══ EXERCISE INPUTS

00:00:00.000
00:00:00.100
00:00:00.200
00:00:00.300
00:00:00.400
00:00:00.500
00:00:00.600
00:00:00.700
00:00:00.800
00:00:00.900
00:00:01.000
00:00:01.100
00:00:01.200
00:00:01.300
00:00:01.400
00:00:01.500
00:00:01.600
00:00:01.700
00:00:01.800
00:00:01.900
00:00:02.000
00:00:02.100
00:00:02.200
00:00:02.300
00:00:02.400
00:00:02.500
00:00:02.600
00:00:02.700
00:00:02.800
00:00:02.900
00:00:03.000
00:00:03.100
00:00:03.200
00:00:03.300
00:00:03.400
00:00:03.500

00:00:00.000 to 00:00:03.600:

════

What needs duplicating is the run of lines from the one containing "00:00:01.000" through the last line of the entries above, exact and complete.

ANSWER AREA ::
00:00:01.000
00:00:01.100
00:00:01.200
00:00:01.300
00:00:01.400
00:00:01.500
00:00:01.600
00:00:01.700
00:00:01.800
00:00:01.900
00:00:02.000
00:00:02.100
00:00:02.200
00:00:02.300
00:00:02.400
00:00:02.500
00:00:02.600
00:00:02.700
00:00:02.800
00:00:02.900
00:00:03.000
00:00:03.100
00:00:03.200
00:00:03.300
00:00:03.400
00:00:03.500

00:00:00.000 to 00:00:03.600:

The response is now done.